Big Datasets

Pandas Profiling by default comprehensively summarizes the input dataset in a way that gives the most insights for data analysis. For small datasets these computations can be performed in real-time. For larger datasets, we have to decide upfront which calculations to make. Whether a computation scales to big data not only depends on it’s complexity, but also on fast implementations that are available.
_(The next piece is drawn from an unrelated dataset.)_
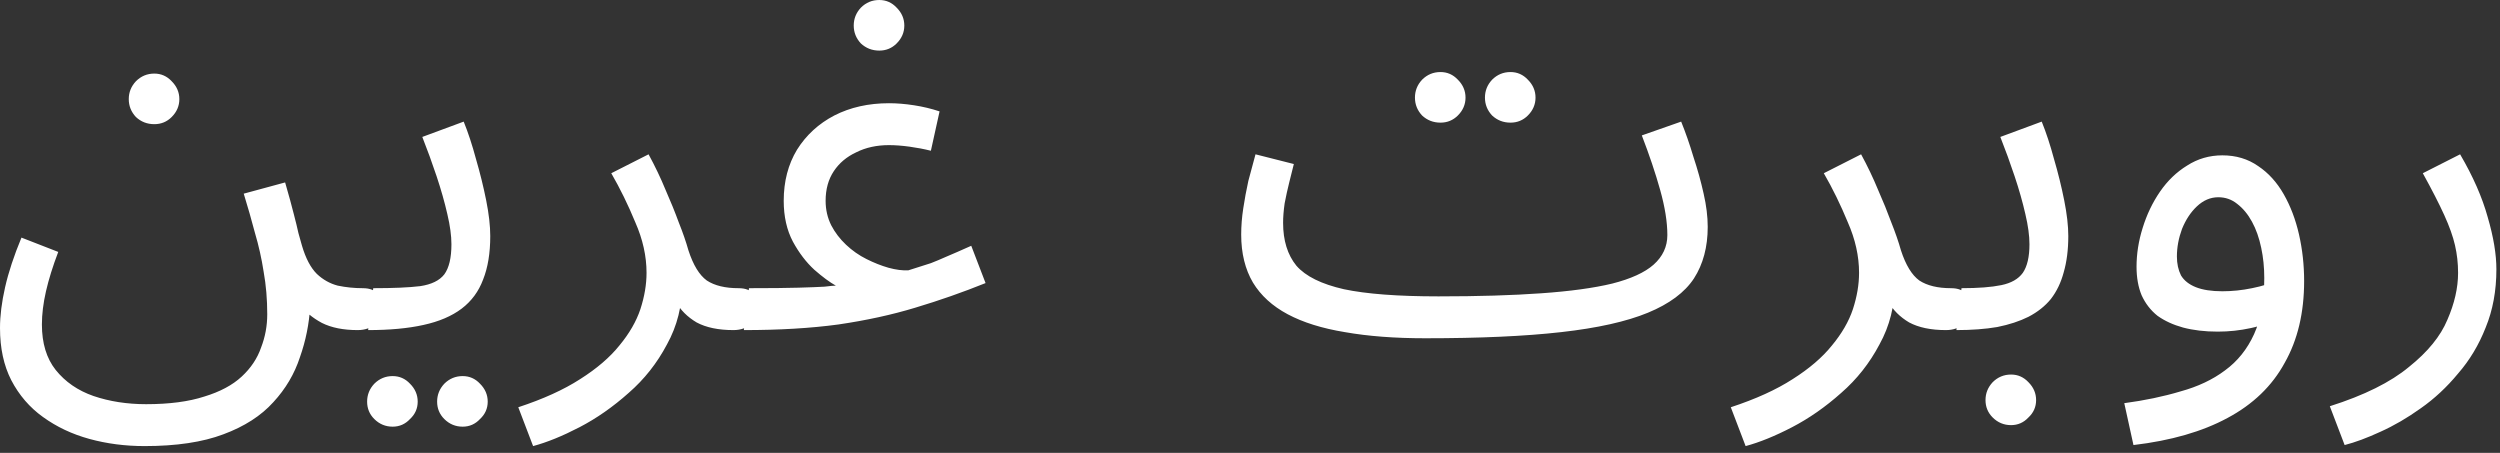 <?xml version="1.0" encoding="UTF-8"?> <svg xmlns="http://www.w3.org/2000/svg" width="138" height="25" viewBox="0 0 138 25" fill="none"><rect x="0" y="0" width="138" height="25" fill="#333333" stroke="none"/><path d="M-1.98028e-05 18.108C-1.98028e-05 17.431 0.094 16.679 0.282 15.852C0.47 15.024 0.771 14.113 1.185 13.116L3.215 13.906C2.915 14.695 2.689 15.419 2.538 16.078C2.388 16.736 2.313 17.347 2.313 17.911C2.313 18.945 2.567 19.782 3.074 20.421C3.601 21.079 4.297 21.559 5.162 21.86C6.045 22.16 7.014 22.311 8.067 22.311C9.345 22.311 10.417 22.17 11.282 21.888C12.147 21.625 12.834 21.258 13.341 20.788C13.849 20.318 14.206 19.782 14.413 19.18C14.639 18.597 14.752 17.986 14.752 17.347C14.752 16.519 14.686 15.739 14.554 15.006C14.441 14.272 14.281 13.558 14.075 12.862C13.887 12.148 13.68 11.424 13.454 10.69L15.739 10.07C15.946 10.784 16.105 11.367 16.218 11.818C16.331 12.251 16.416 12.599 16.472 12.862C16.547 13.125 16.613 13.36 16.67 13.567C16.876 14.263 17.149 14.78 17.488 15.118C17.826 15.438 18.212 15.654 18.644 15.767C19.095 15.861 19.556 15.908 20.026 15.908C20.421 15.908 20.703 16.021 20.872 16.247C21.06 16.453 21.154 16.707 21.154 17.008C21.154 17.309 21.023 17.591 20.759 17.854C20.496 18.099 20.158 18.221 19.744 18.221C18.954 18.221 18.296 18.09 17.77 17.826C17.243 17.544 16.829 17.196 16.529 16.783C16.247 16.369 16.058 15.936 15.964 15.485L17.121 16.924C17.064 17.883 16.876 18.813 16.557 19.716C16.256 20.637 15.767 21.465 15.09 22.198C14.413 22.95 13.492 23.543 12.326 23.975C11.179 24.408 9.731 24.624 7.982 24.624C6.91 24.624 5.895 24.492 4.936 24.229C3.977 23.966 3.121 23.561 2.369 23.016C1.636 22.49 1.053 21.813 0.621 20.985C0.207 20.177 -1.98028e-05 19.218 -1.98028e-05 18.108ZM8.518 6.854C8.123 6.854 7.785 6.723 7.503 6.459C7.239 6.177 7.108 5.848 7.108 5.472C7.108 5.096 7.239 4.767 7.503 4.485C7.785 4.203 8.123 4.062 8.518 4.062C8.894 4.062 9.214 4.203 9.477 4.485C9.759 4.767 9.9 5.096 9.9 5.472C9.9 5.848 9.759 6.177 9.477 6.459C9.214 6.723 8.894 6.854 8.518 6.854ZM20.321 18.221L20.603 15.908C21.713 15.908 22.578 15.871 23.198 15.795C23.819 15.701 24.261 15.485 24.524 15.147C24.787 14.789 24.919 14.235 24.919 13.482C24.919 13.012 24.844 12.458 24.693 11.818C24.543 11.16 24.345 10.464 24.101 9.731C23.856 8.998 23.593 8.274 23.311 7.559L25.596 6.713C25.84 7.315 26.066 8.001 26.273 8.772C26.498 9.543 26.686 10.305 26.837 11.057C26.987 11.809 27.062 12.467 27.062 13.031C27.062 13.971 26.931 14.771 26.668 15.429C26.423 16.087 26.028 16.623 25.483 17.037C24.938 17.45 24.233 17.751 23.367 17.939C22.521 18.127 21.506 18.221 20.321 18.221ZM25.539 23.552C25.145 23.552 24.806 23.411 24.524 23.129C24.261 22.866 24.129 22.546 24.129 22.17C24.129 21.794 24.261 21.465 24.524 21.183C24.806 20.901 25.145 20.76 25.539 20.76C25.916 20.76 26.235 20.901 26.498 21.183C26.78 21.465 26.922 21.794 26.922 22.17C26.922 22.546 26.78 22.866 26.498 23.129C26.235 23.411 25.916 23.552 25.539 23.552ZM21.675 23.552C21.28 23.552 20.942 23.411 20.66 23.129C20.396 22.866 20.265 22.546 20.265 22.17C20.265 21.794 20.396 21.465 20.66 21.183C20.942 20.901 21.28 20.76 21.675 20.76C22.051 20.76 22.371 20.901 22.634 21.183C22.916 21.465 23.057 21.794 23.057 22.17C23.057 22.546 22.916 22.866 22.634 23.129C22.371 23.411 22.051 23.552 21.675 23.552ZM29.427 24.624L28.609 22.48C29.982 22.029 31.119 21.512 32.022 20.929C32.943 20.346 33.667 19.725 34.194 19.067C34.739 18.409 35.124 17.742 35.35 17.065C35.576 16.369 35.689 15.701 35.689 15.062C35.689 14.141 35.482 13.21 35.068 12.27C34.673 11.311 34.231 10.408 33.742 9.562L35.801 8.518C36.159 9.176 36.469 9.825 36.732 10.464C37.014 11.104 37.259 11.706 37.465 12.27C37.691 12.834 37.87 13.351 38.002 13.821C38.265 14.63 38.603 15.184 39.017 15.485C39.449 15.767 40.032 15.908 40.766 15.908C41.16 15.908 41.443 16.021 41.612 16.247C41.8 16.453 41.894 16.707 41.894 17.008C41.894 17.309 41.762 17.591 41.499 17.854C41.236 18.099 40.897 18.221 40.484 18.221C39.656 18.221 38.979 18.08 38.453 17.798C37.945 17.497 37.56 17.112 37.296 16.642C37.033 16.153 36.854 15.645 36.76 15.118L37.663 15.626C37.663 16.867 37.381 17.995 36.817 19.011C36.272 20.045 35.566 20.938 34.701 21.69C33.836 22.461 32.934 23.091 31.994 23.58C31.053 24.069 30.198 24.417 29.427 24.624ZM41.061 18.221L41.343 15.908C42.528 15.908 43.44 15.899 44.079 15.88C44.737 15.861 45.217 15.842 45.518 15.824C45.819 15.786 46.026 15.767 46.138 15.767C45.8 15.579 45.405 15.288 44.954 14.893C44.502 14.479 44.108 13.962 43.769 13.341C43.431 12.702 43.261 11.95 43.261 11.085C43.261 10.013 43.506 9.073 43.995 8.264C44.502 7.456 45.189 6.826 46.054 6.375C46.938 5.923 47.944 5.698 49.072 5.698C49.504 5.698 49.965 5.735 50.454 5.811C50.943 5.886 51.413 5.999 51.864 6.149L51.385 8.321C51.009 8.227 50.614 8.152 50.2 8.095C49.786 8.039 49.41 8.011 49.072 8.011C48.395 8.011 47.793 8.142 47.267 8.406C46.74 8.65 46.326 8.998 46.026 9.449C45.725 9.9 45.574 10.446 45.574 11.085C45.574 11.574 45.678 12.025 45.885 12.439C46.091 12.834 46.364 13.191 46.703 13.511C47.041 13.83 47.417 14.094 47.831 14.3C48.244 14.507 48.649 14.667 49.044 14.78C49.457 14.893 49.824 14.94 50.144 14.921C50.369 14.846 50.576 14.78 50.764 14.724C50.952 14.667 51.159 14.601 51.385 14.526C51.629 14.432 51.92 14.31 52.259 14.159C52.616 14.009 53.068 13.812 53.613 13.567L54.403 15.626C53.143 16.134 51.855 16.585 50.538 16.98C49.241 17.375 47.821 17.685 46.279 17.911C44.756 18.118 43.017 18.221 41.061 18.221ZM48.536 2.793C48.141 2.793 47.803 2.661 47.52 2.398C47.257 2.116 47.126 1.787 47.126 1.411C47.126 1.034 47.257 0.705 47.52 0.423C47.803 0.141 48.141 0 48.536 0C48.912 0 49.232 0.141 49.495 0.423C49.777 0.705 49.918 1.034 49.918 1.411C49.918 1.787 49.777 2.116 49.495 2.398C49.232 2.661 48.912 2.793 48.536 2.793ZM78.669 18.672L79.402 16.36C81.602 16.36 83.492 16.303 85.071 16.19C86.67 16.078 87.977 15.899 88.992 15.654C90.026 15.391 90.788 15.043 91.277 14.611C91.784 14.159 92.038 13.614 92.038 12.975C92.038 12.26 91.906 11.433 91.643 10.493C91.38 9.553 91.041 8.547 90.628 7.475L92.8 6.713C93.044 7.315 93.27 7.964 93.477 8.659C93.702 9.336 93.89 10.013 94.041 10.69C94.191 11.348 94.266 11.959 94.266 12.524C94.266 13.633 94.013 14.583 93.505 15.372C92.997 16.143 92.151 16.773 90.966 17.262C89.782 17.751 88.183 18.108 86.171 18.334C84.178 18.56 81.677 18.672 78.669 18.672ZM78.669 18.672C76.995 18.672 75.519 18.56 74.24 18.334C72.98 18.127 71.927 17.798 71.081 17.347C70.235 16.895 69.596 16.312 69.163 15.598C68.731 14.865 68.514 13.981 68.514 12.947C68.514 12.476 68.552 11.997 68.627 11.508C68.703 11 68.797 10.493 68.909 9.985C69.041 9.477 69.173 8.988 69.304 8.518L71.42 9.054C71.344 9.336 71.26 9.675 71.166 10.07C71.072 10.446 70.987 10.831 70.912 11.226C70.856 11.621 70.827 11.978 70.827 12.298C70.827 13.276 71.072 14.066 71.561 14.667C72.069 15.25 72.943 15.683 74.184 15.965C75.425 16.228 77.164 16.36 79.402 16.36L79.966 17.77L78.669 18.672ZM83.379 6.77C82.984 6.77 82.646 6.638 82.364 6.375C82.1 6.093 81.969 5.764 81.969 5.388C81.969 5.011 82.1 4.682 82.364 4.4C82.646 4.118 82.984 3.977 83.379 3.977C83.755 3.977 84.075 4.118 84.338 4.4C84.62 4.682 84.761 5.011 84.761 5.388C84.761 5.764 84.62 6.093 84.338 6.375C84.075 6.638 83.755 6.77 83.379 6.77ZM79.515 6.77C79.12 6.77 78.781 6.638 78.499 6.375C78.236 6.093 78.105 5.764 78.105 5.388C78.105 5.011 78.236 4.682 78.499 4.4C78.781 4.118 79.12 3.977 79.515 3.977C79.891 3.977 80.21 4.118 80.474 4.4C80.756 4.682 80.897 5.011 80.897 5.388C80.897 5.764 80.756 6.093 80.474 6.375C80.21 6.638 79.891 6.77 79.515 6.77ZM96.358 24.624L95.54 22.48C96.913 22.029 98.051 21.512 98.953 20.929C99.874 20.346 100.598 19.725 101.125 19.067C101.67 18.409 102.056 17.742 102.281 17.065C102.507 16.369 102.62 15.701 102.62 15.062C102.62 14.141 102.413 13.21 101.999 12.27C101.604 11.311 101.163 10.408 100.674 9.562L102.733 8.518C103.09 9.176 103.4 9.825 103.663 10.464C103.946 11.104 104.19 11.706 104.397 12.27C104.622 12.834 104.801 13.351 104.933 13.821C105.196 14.63 105.534 15.184 105.948 15.485C106.381 15.767 106.964 15.908 107.697 15.908C108.092 15.908 108.374 16.021 108.543 16.247C108.731 16.453 108.825 16.707 108.825 17.008C108.825 17.309 108.694 17.591 108.43 17.854C108.167 18.099 107.829 18.221 107.415 18.221C106.587 18.221 105.911 18.08 105.384 17.798C104.876 17.497 104.491 17.112 104.228 16.642C103.964 16.153 103.786 15.645 103.692 15.118L104.594 15.626C104.594 16.867 104.312 17.995 103.748 19.011C103.203 20.045 102.498 20.938 101.633 21.69C100.768 22.461 99.865 23.091 98.925 23.58C97.985 24.069 97.129 24.417 96.358 24.624ZM107.993 18.221L108.275 15.908C109.196 15.908 109.929 15.852 110.475 15.739C111.02 15.626 111.415 15.4 111.659 15.062C111.904 14.705 112.026 14.178 112.026 13.482C112.026 13.012 111.951 12.458 111.8 11.818C111.65 11.16 111.453 10.464 111.208 9.731C110.964 8.998 110.7 8.274 110.418 7.559L112.703 6.713C112.947 7.315 113.173 8.001 113.38 8.772C113.606 9.543 113.794 10.305 113.944 11.057C114.094 11.809 114.17 12.467 114.17 13.031C114.17 13.783 114.085 14.451 113.916 15.034C113.765 15.598 113.53 16.087 113.211 16.501C112.891 16.895 112.477 17.224 111.97 17.488C111.481 17.732 110.907 17.92 110.249 18.052C109.591 18.165 108.839 18.221 107.993 18.221ZM111.011 23.467C110.616 23.467 110.277 23.326 109.995 23.044C109.732 22.781 109.6 22.461 109.6 22.085C109.6 21.709 109.732 21.38 109.995 21.098C110.277 20.816 110.616 20.675 111.011 20.675C111.387 20.675 111.706 20.816 111.97 21.098C112.252 21.38 112.393 21.709 112.393 22.085C112.393 22.461 112.252 22.781 111.97 23.044C111.706 23.326 111.387 23.467 111.011 23.467ZM117.767 24.567L117.26 22.255C118.388 22.104 119.422 21.888 120.362 21.606C121.321 21.343 122.139 20.957 122.816 20.449C123.512 19.942 124.048 19.274 124.424 18.447C124.8 17.619 124.988 16.585 124.988 15.344C124.988 14.761 124.932 14.207 124.819 13.68C124.706 13.135 124.537 12.655 124.311 12.242C124.086 11.828 123.813 11.499 123.493 11.254C123.192 11.01 122.844 10.888 122.45 10.888C122.017 10.888 121.622 11.057 121.265 11.395C120.926 11.715 120.654 12.129 120.447 12.636C120.259 13.144 120.165 13.652 120.165 14.159C120.165 14.554 120.24 14.902 120.391 15.203C120.56 15.485 120.832 15.701 121.209 15.852C121.585 16.002 122.074 16.078 122.675 16.078C123.221 16.078 123.766 16.021 124.311 15.908C124.875 15.795 125.355 15.645 125.75 15.457L125.862 17.431C125.411 17.751 124.875 17.977 124.255 18.108C123.653 18.24 123.042 18.306 122.421 18.306C121.707 18.306 121.068 18.23 120.503 18.08C119.958 17.93 119.488 17.713 119.093 17.431C118.717 17.131 118.426 16.754 118.219 16.303C118.031 15.852 117.937 15.325 117.937 14.724C117.937 14.009 118.05 13.294 118.275 12.58C118.501 11.847 118.82 11.179 119.234 10.577C119.648 9.976 120.146 9.496 120.729 9.139C121.312 8.763 121.961 8.575 122.675 8.575C123.427 8.575 124.086 8.772 124.65 9.167C125.214 9.543 125.684 10.06 126.06 10.718C126.436 11.377 126.718 12.119 126.906 12.947C127.094 13.774 127.188 14.63 127.188 15.513C127.188 17.262 126.831 18.766 126.116 20.026C125.421 21.305 124.368 22.32 122.957 23.073C121.566 23.825 119.836 24.323 117.767 24.567ZM129.424 24.567L128.606 22.424C130.505 21.822 131.962 21.098 132.978 20.252C134.012 19.425 134.717 18.56 135.093 17.657C135.488 16.754 135.686 15.889 135.686 15.062C135.686 14.536 135.629 14.028 135.516 13.539C135.404 13.05 135.206 12.495 134.924 11.875C134.642 11.254 134.247 10.483 133.739 9.562L135.798 8.518C136.513 9.741 137.021 10.897 137.322 11.988C137.641 13.078 137.801 14.037 137.801 14.865C137.801 16.049 137.604 17.121 137.209 18.08C136.833 19.039 136.325 19.885 135.686 20.619C135.065 21.371 134.379 22.01 133.627 22.537C132.893 23.063 132.15 23.496 131.398 23.834C130.665 24.172 130.007 24.417 129.424 24.567Z" fill="white"></path></svg>

You may try the options described in the following sections if calculation time is a bottleneck.

Minimal mode

pandas-profiling includes a minimal configuration file, with more expensive computations turned off by default. This is a great starting point for larger datasets.

profile = ProfileReport(large_dataset, minimal=True)
profile.to_file("output.html")

(Minimal mode was introduced in `pandas-profiling` v2.4.0)

The configuration file can be found here: config_minimal.yaml.

Sample

../_images/twitter_wisdom.png
# Sample 10.000 rows
sample = large_dataset.sample(10000)

profile = ProfileReport(sample, minimal=True)
profile.to_file("output.html")

The reader of the report might want to know that the profile is generated using a sample from the data. An example of how to do this:

description = "Disclaimer: this profiling report was generated using a sample of 5% of the original dataset."
sample = large_dataset.sample(frac=0.05)

profile = sample.profile_report(description=description, minimal=True)
profile.to_file("output.html")

Concurrency

pandas-profiling is under active development. One highly desired feature is to add a scalable backend such as modin, spark or dask. Keep an eye on the GitHub page to follow the updates on concurrent implementation.